(Data items)
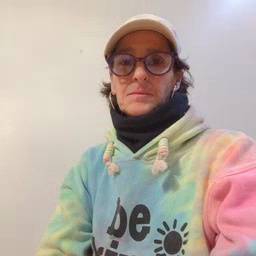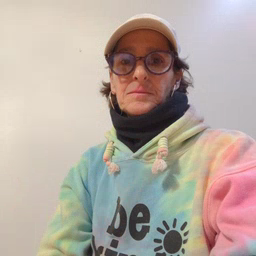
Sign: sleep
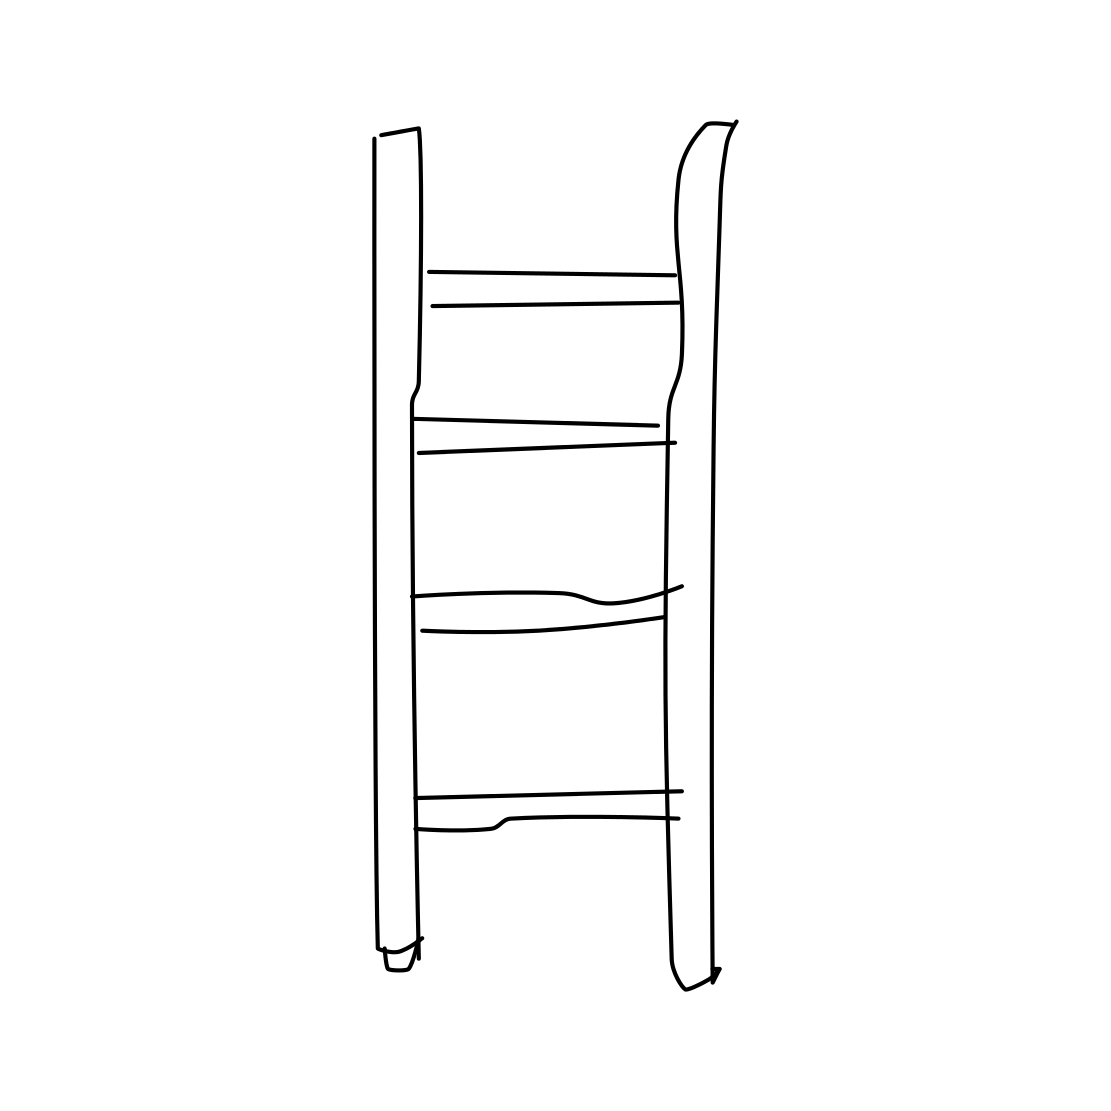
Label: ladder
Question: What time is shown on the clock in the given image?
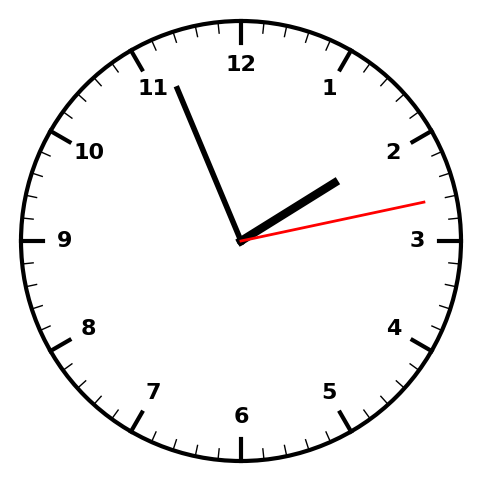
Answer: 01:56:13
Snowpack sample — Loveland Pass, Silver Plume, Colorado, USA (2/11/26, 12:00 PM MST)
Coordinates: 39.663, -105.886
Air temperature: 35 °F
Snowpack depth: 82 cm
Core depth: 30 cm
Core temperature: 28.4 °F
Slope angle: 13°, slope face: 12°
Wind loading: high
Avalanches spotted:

AIM OF THE EXERCISE =
Only what runs from the line containing "Snowpack sample —" through the final line of the entries above belongs in the answer, restated exactly.

WORKED SOLUTION =
Snowpack sample — Loveland Pass, Silver Plume, Colorado, USA (2/11/26, 12:00 PM MST)
Coordinates: 39.663, -105.886
Air temperature: 35 °F
Snowpack depth: 82 cm
Core depth: 30 cm
Core temperature: 28.4 °F
Slope angle: 13°, slope face: 12°
Wind loading: high
Avalanches spotted:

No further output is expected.